Much of the early WSOP history taken as gospel today comes straight from The Biggest Game in Town. Alvarez had the ear of the Binion family, not to mention plenty of the game’s early forces, from Jack “Treetop” Straus to Doyle Brunson. That led to the inclusion of some self-serving stories as legitimate history, but the tales are related so well that they’re entertaining if not always altogether true in the strictest sense. He also didn’t make much mention of then-rising star Stu Ungar, who won the Main Event that year and would go on to become one of the game’s most legendary figures.

The early WSOP era was already giving way to the expansion of the game in 1981 when Alvarez arrived in Las Vegas. His book still stands today as a singular look at that time and place.

4. Improve Your Poker by Bob Ciaffone (1997)
Probably the least-celebrated book on this list, in some ways Ciaffone’s tome is the most indispensable in terms of practical poker advice that still holds up today.

Part of the lasting appeal of the book is that it’s a collection of short essays about a wide variety of topics rather than a volume that attempts to explain one variant or another in exhaustive detail. There’s as much attention given to general concepts and gambling basics, like reading your opponents or managing a bankroll or understanding the value of an overlay, as there is to the ins and outs of any specific poker game like hold’em or Omaha.

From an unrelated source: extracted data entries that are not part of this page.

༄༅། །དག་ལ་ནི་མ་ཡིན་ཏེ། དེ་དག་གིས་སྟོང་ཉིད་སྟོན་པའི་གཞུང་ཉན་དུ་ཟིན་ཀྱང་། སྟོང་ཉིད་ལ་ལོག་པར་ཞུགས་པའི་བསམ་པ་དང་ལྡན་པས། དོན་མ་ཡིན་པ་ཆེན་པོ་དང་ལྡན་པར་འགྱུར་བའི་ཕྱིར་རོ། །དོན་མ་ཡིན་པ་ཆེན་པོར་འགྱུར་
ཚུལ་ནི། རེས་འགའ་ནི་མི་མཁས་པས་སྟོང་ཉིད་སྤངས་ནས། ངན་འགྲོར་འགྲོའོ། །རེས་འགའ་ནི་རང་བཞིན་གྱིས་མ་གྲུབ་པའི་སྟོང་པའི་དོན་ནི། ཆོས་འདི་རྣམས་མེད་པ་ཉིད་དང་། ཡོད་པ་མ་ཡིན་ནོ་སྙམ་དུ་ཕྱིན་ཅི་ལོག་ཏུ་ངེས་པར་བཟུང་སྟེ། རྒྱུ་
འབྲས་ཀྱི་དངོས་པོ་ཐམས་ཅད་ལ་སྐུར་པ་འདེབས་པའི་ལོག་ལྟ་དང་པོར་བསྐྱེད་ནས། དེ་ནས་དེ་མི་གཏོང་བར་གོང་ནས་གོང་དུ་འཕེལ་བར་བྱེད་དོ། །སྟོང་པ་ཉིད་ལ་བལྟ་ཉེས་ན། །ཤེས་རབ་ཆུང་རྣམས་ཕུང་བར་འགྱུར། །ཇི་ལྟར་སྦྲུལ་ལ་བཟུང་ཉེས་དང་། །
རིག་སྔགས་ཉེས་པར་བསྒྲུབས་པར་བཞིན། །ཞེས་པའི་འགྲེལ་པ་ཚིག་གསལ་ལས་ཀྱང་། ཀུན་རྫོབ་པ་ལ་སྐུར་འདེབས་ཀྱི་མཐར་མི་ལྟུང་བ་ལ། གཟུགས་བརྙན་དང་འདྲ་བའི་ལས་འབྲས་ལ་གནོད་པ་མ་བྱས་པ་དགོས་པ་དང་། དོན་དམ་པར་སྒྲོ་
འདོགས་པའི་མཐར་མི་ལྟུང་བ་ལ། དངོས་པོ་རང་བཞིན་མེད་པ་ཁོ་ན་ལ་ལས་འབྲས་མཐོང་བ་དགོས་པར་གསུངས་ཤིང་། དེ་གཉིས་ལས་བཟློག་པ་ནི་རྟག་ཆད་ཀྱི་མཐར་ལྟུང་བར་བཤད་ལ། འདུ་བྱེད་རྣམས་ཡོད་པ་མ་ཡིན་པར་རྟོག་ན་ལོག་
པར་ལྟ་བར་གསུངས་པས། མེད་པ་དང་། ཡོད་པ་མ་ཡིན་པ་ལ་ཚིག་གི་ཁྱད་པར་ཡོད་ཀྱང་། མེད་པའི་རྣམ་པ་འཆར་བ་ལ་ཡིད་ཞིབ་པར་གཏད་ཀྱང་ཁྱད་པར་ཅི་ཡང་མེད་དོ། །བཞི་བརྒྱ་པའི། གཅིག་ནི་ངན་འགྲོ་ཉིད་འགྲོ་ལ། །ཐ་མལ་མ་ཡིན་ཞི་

As Ciaffone notes in the introduction, he had been playing poker for 47 years by the time the book was published. Most of that time was logged in medium-to-high-stakes cash games, though he also played in tournaments from time to time (and finished in third place at the 1987 WSOP Main Event). All that experience, combined with the knack for explaining things simply that earned him the nickname “Coach,” will prove invaluable to anyone looking to build a solid foundation for a lifetime at the poker tables.

5. Positively Fifth Street by James McManus (2001)
McManus’ book mixes two stories into one riveting read. The first is the trial of Sandra Murphy and Rick Tabish, accused of murdering Ted Binion, son of Horseshoe casino owner and World Series of Poker founder Benny Binion. The second story is the tale of McManus’ own unlikely journey from working a magazine assignment to winning a single-table satellite tournament to making the 2000 WSOP Main Event final table.

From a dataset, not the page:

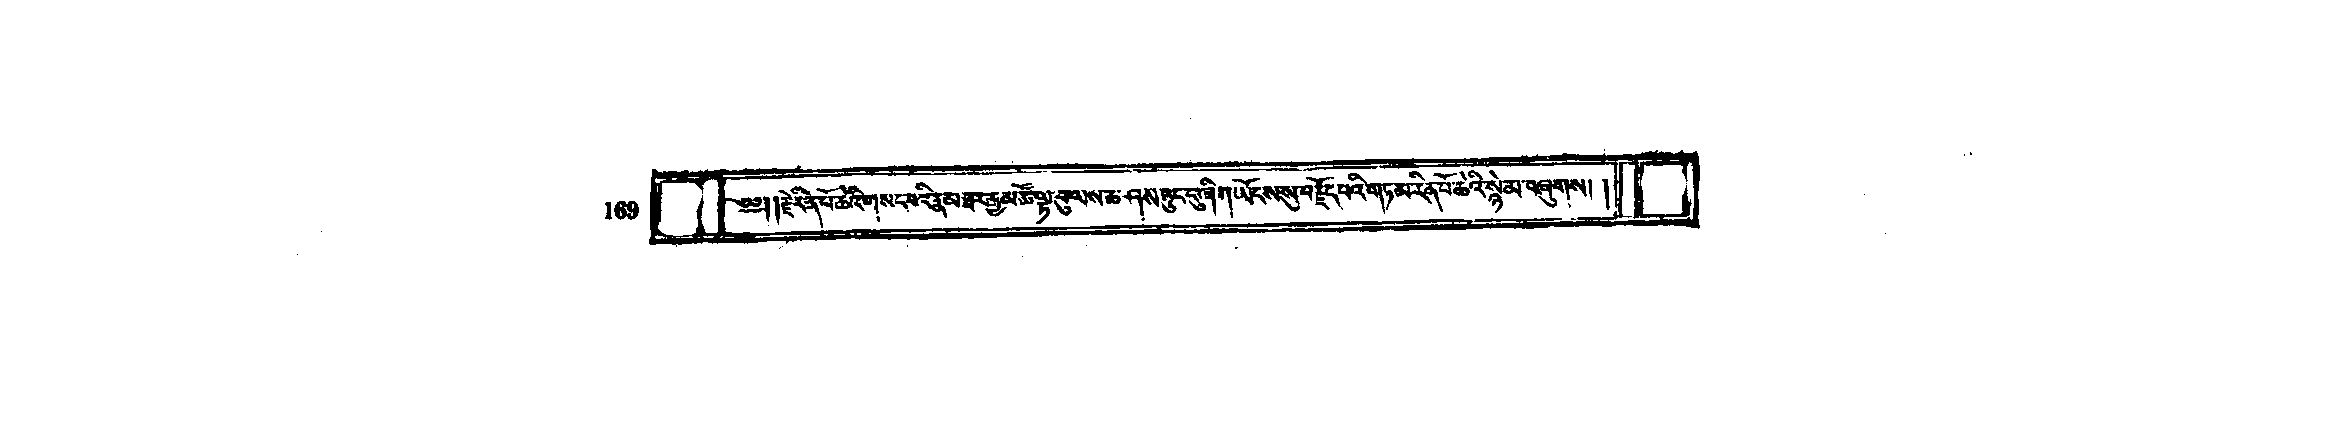༄༅། །རྗེ་རིན་པོ་ཆེའི་གསང་བའི་རྣམ་ཐར་རྒྱ་མཚོ་ལྟ་བུ་ལས་ཆ་ཤས་ཉུང་དུ་ཞིག་ཡོངས་སུ་བརྗོད་པའི་གཏམ་རིན་པོ་ཆེའི་སྙེམ་བཞུགས། །

McManus, a novelist and college writing instructor at the Art Institute of Chicago, spins the two threads together so seamlessly that the 400-page book breezes by. Thanks to his close attention to detail, the book serves as a time capsule of the very end of the pre-online poker era. Back in 2000 the stars of the previous 15-20 years, like TJ Cloutier, were still shining bright. Meanwhile some of the players who would shape the post-poker-boom era, like McManus’ tablemate and eventual champion Chris Ferguson, were only beginning to come into their own. The past and future of poker were regularly rubbing elbows at the tables, not knowing at the time that the game they played would change forever within just a few short years.